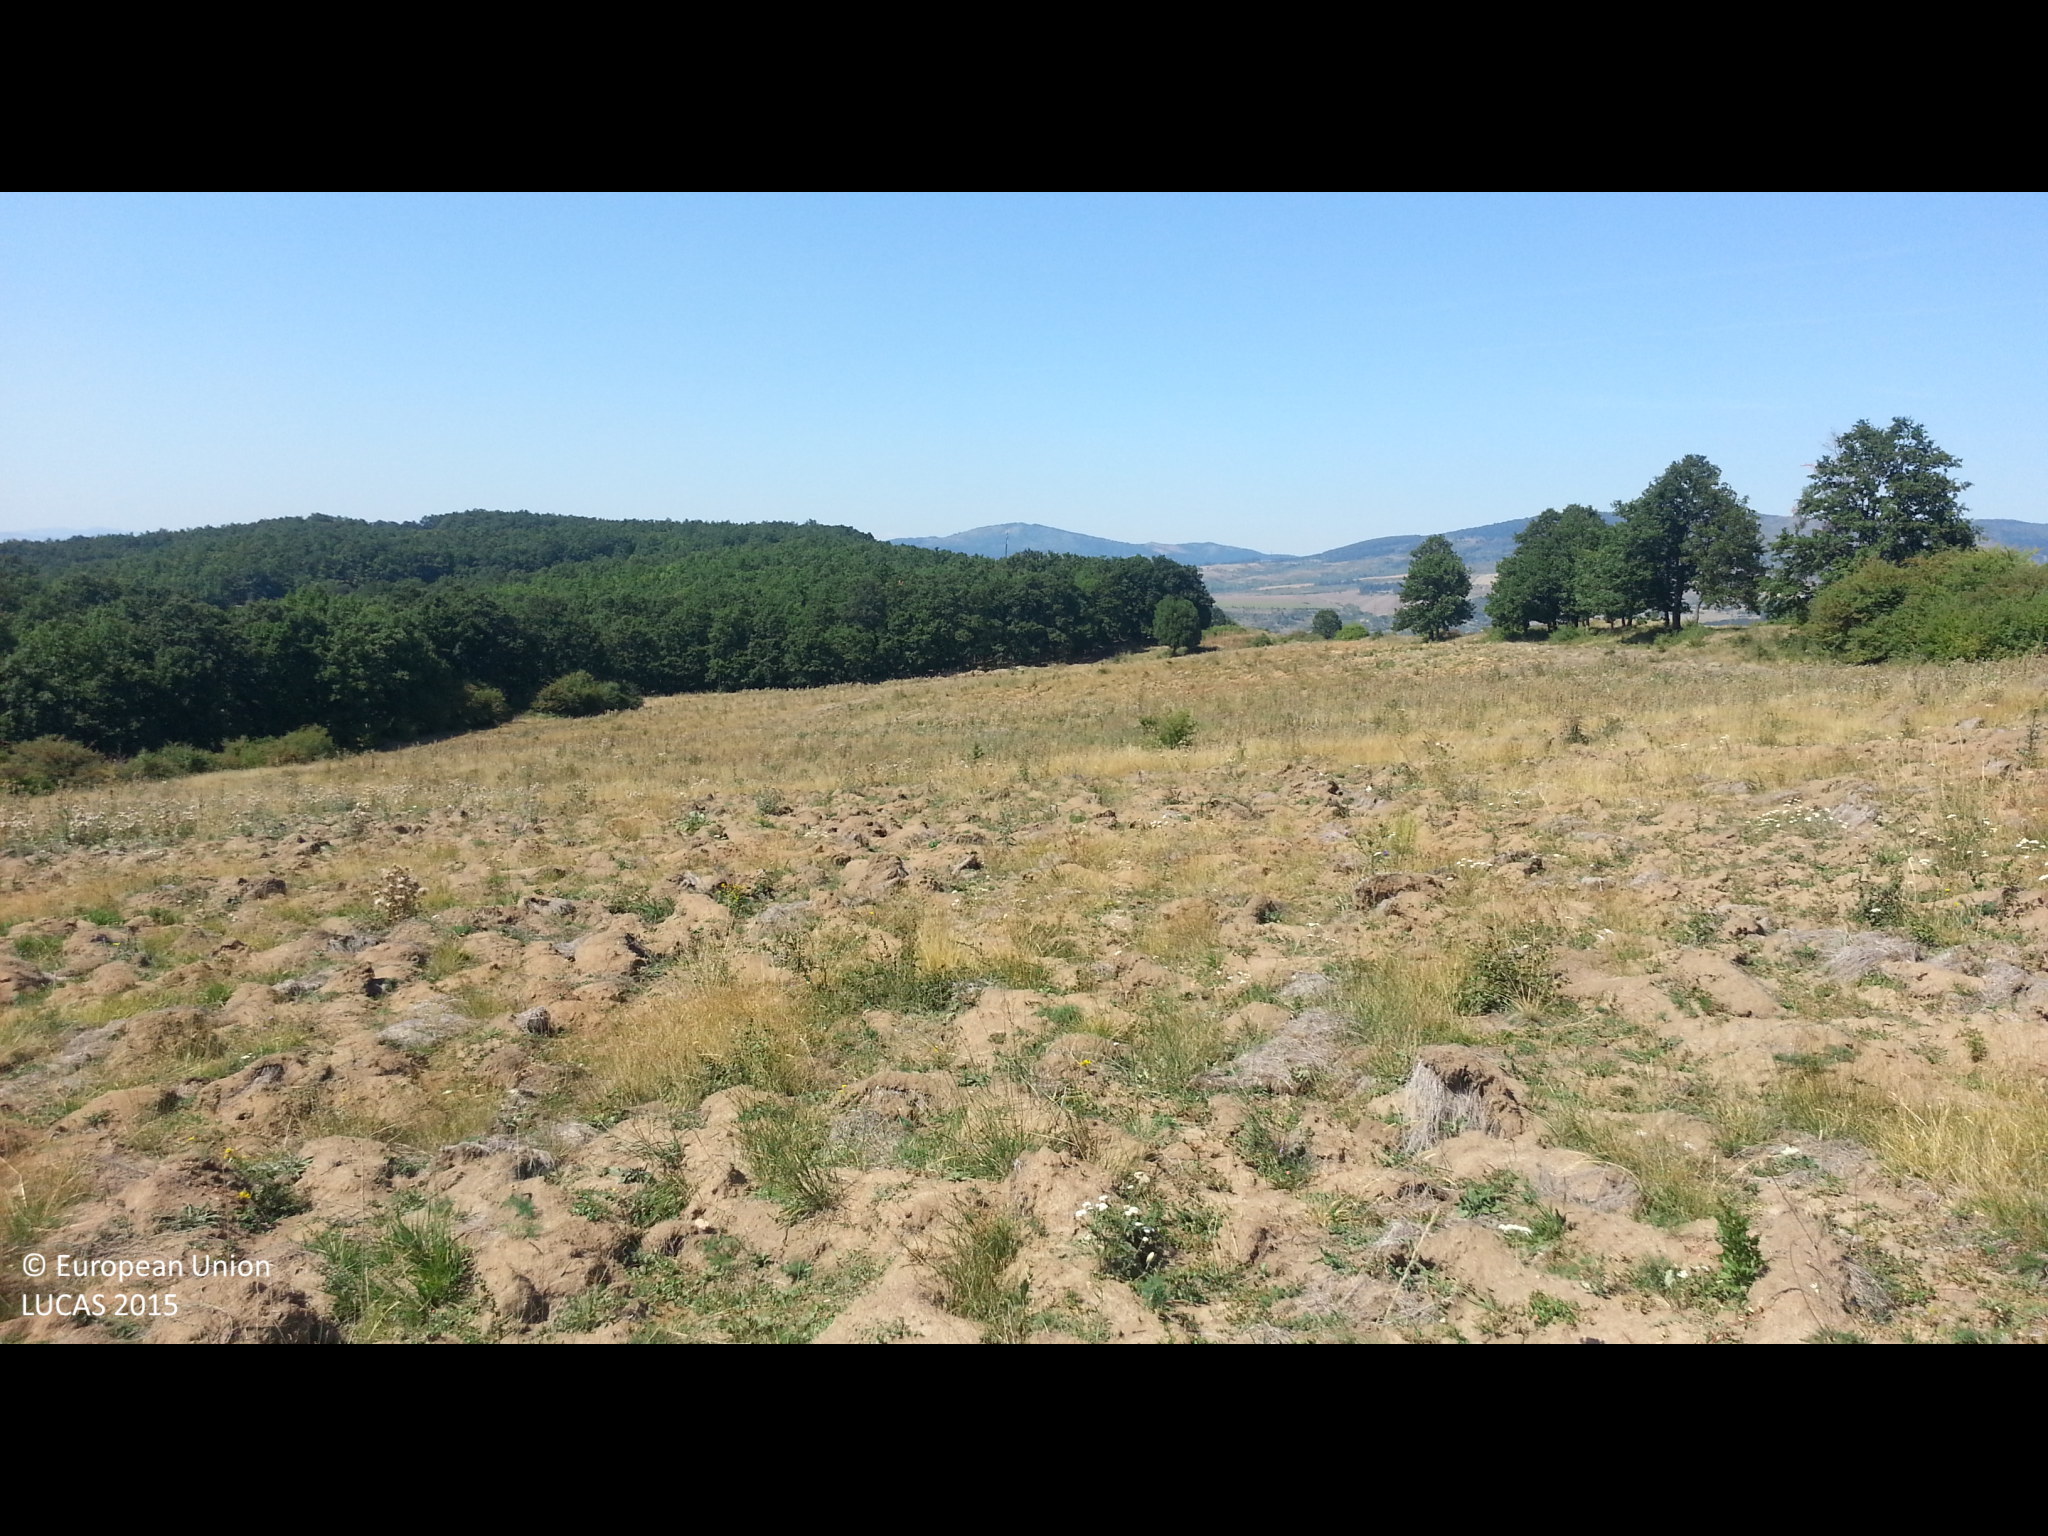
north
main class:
= = = =
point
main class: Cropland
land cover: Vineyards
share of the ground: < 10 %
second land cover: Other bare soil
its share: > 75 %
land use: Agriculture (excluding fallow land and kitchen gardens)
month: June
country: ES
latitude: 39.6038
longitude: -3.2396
= = = =
— ACTIVITY —
Take the records above and return, word for word, only the lines that fall from the line with "main class: Cropland" to the line with "longitude: -3.2396", both of them included.

— ANSWER BELOW —
main class: Cropland
land cover: Vineyards
share of the ground: < 10 %
second land cover: Other bare soil
its share: > 75 %
land use: Agriculture (excluding fallow land and kitchen gardens)
month: June
country: ES
latitude: 39.6038
longitude: -3.2396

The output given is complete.